9.2 Revocation of Authorization. Subject to the Section immediately following this Section, this authorization shall continue in full force and effect until the date which is five (5) business days after the date on which Lender actually receives written notice from Borrower expressly revoking the authority granted to the Lender to charge the Account for Payments in connection with the Loan. No such revocation by Borrower shall in any way release Borrower from or otherwise affect Borrower's obligations under the Loan Documents, including Borrower's obligations to continue to make all Payments required under the terms of the Note.

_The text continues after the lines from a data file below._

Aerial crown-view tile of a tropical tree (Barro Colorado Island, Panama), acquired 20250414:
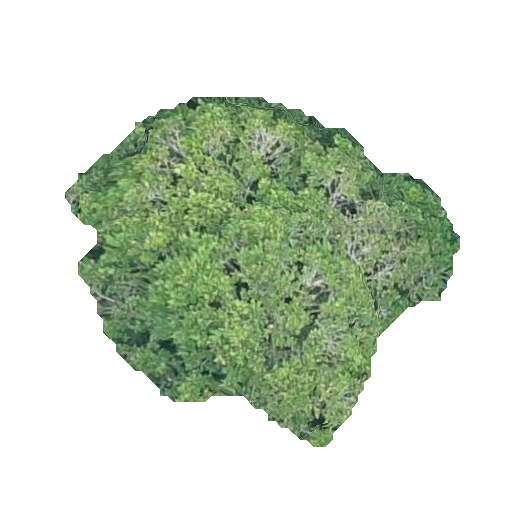
Species: Poulsenia armata
GBIF accepted scientific name: Poulsenia armata
Crown area: 131.801 m²
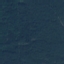
Label: Forest
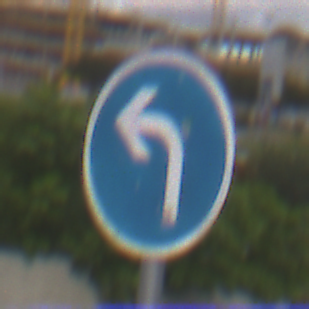
Verkehrszeichen: VorgeschriebeneFahrtrichtungLinks
Umgebung: Outdoor, Suburban
Tageszeit: MorningAfternoon
Wetter: PartlyCloudy
Licht: Natural
Jahreszeit: NotSpecified
Kontrast: LowContrast
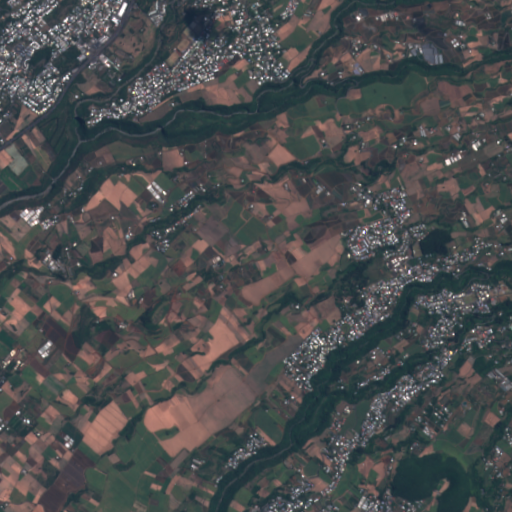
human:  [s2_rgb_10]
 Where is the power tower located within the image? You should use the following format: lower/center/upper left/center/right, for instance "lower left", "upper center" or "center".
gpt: The power tower is located in the center left of the image.
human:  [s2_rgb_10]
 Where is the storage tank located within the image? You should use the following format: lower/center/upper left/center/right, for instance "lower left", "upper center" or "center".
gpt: The storage tank is located in the center right of the image.
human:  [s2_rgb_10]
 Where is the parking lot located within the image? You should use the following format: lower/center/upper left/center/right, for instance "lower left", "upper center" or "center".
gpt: There is no parking lot in the image.
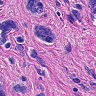
Metastatic tissue present: yes
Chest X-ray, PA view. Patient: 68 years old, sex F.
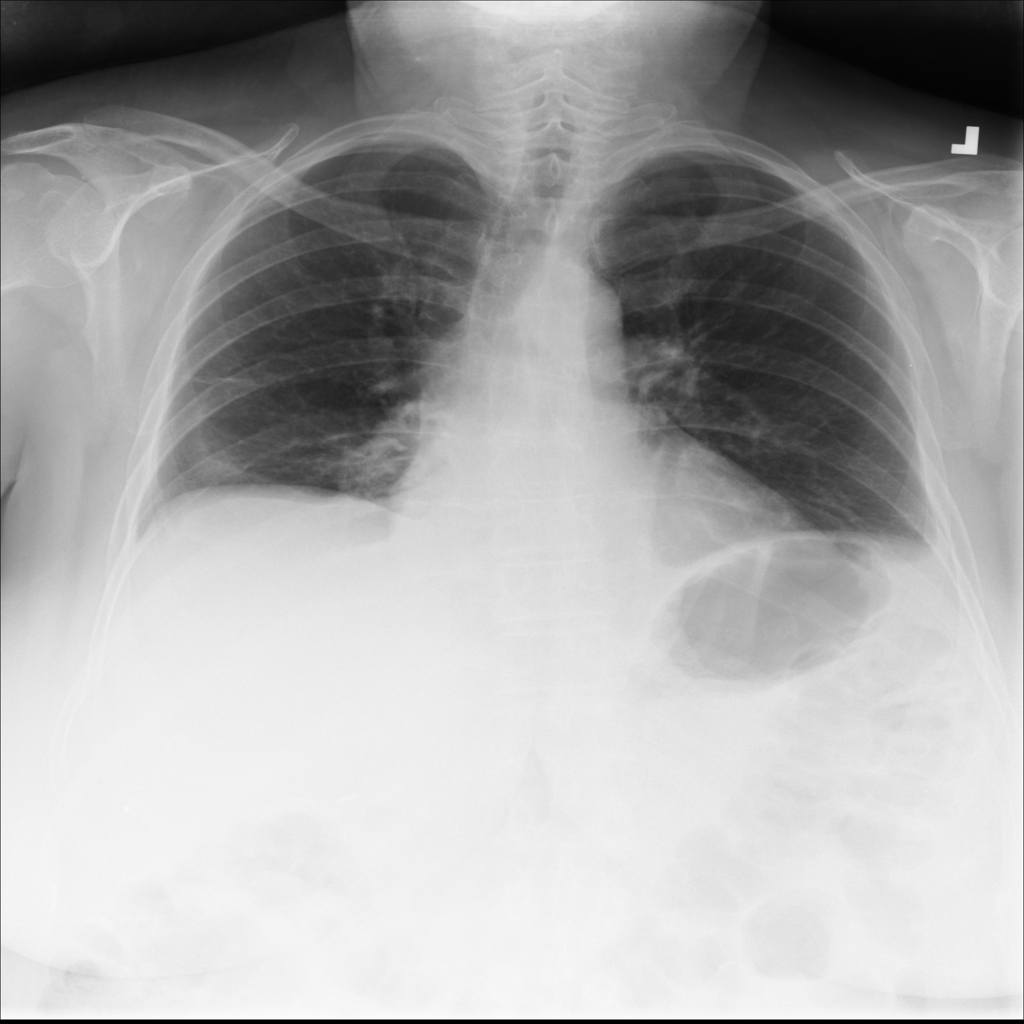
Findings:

9.3Termination by Lender. The Lender, at its option and in its discretion, reserves the right to terminate the arrangement for automatic deductions from the Account pursuant to this Section at any time effective upon written notice of such election (a "Termination Notice") given by Lender to Borrower. Without limiting the generality of the immediately preceding sentence, the Lender may elect to give a Termination Notice to Borrower if Borrower fails to comply with any of the Lender's rules, regulations, or policies relating to the Account, including requirements regarding minimum balance, service charges, overdrafts, insufficient funds, uncollected funds, returned items, and limitations on withdrawals.

9.4Increase in Interest Rate Upon Termination of Automatic Debit Arrangement. The date on which the arrangement for automatic deductions from the Account terminates (whether as a result of Borrower's revocation of such arrangement or any Termination Notice given by the Lender) is referred to as the "Auto Debit Termination Date." Borrower acknowledges and agrees that the Lender would not have been willing to make the Loan at the interest rate or interest rates contained in the Note in the absence of the arrangement for automatic deductions from the Account pursuant to this authorization. Therefore, effective on the first due date of a Payment following the Auto Debit Termination Date, the Lender, at its option and in its discretion, shall have the right to increase the interest rate on the outstanding principal balance of the Note to a rate which is equal to one-half of one percent (0.50%) per annum (the "Percentage Rate Increase") above the otherwise applicable interest rate under the terms of the Note. If the Note provides for amortized monthly payments of principal and interest, then the amount of such monthly payments shall be increased by the Lender based on a reamortization schedule prepared by the Lender using the increased interest rate and the then remaining number of months in the original amortization period that was used by the Lender to calculate the original monthly payment amount. Such new monthly payments shall be payable commencing on the first Payment due date following the date of the interest rate Increase.

10.  
Other Covenants.

Borrower shall at all times comply with all of the following additional covenants:

10.1 Borrower has outstanding, and may hereafter incur, additional indebtedness to Lender under one or more loan agreements. Borrower hereby agrees that the breach of, or the occurrence of an event of default under any other loan agreement between Borrower and Lender shall constitute an event of default under this Agreement.

10.2 Borrower shall not make distributions with the exception of: (1) to ASDS for taxes and debt service and (2) to ASI for management fees no greater than $75,000.00.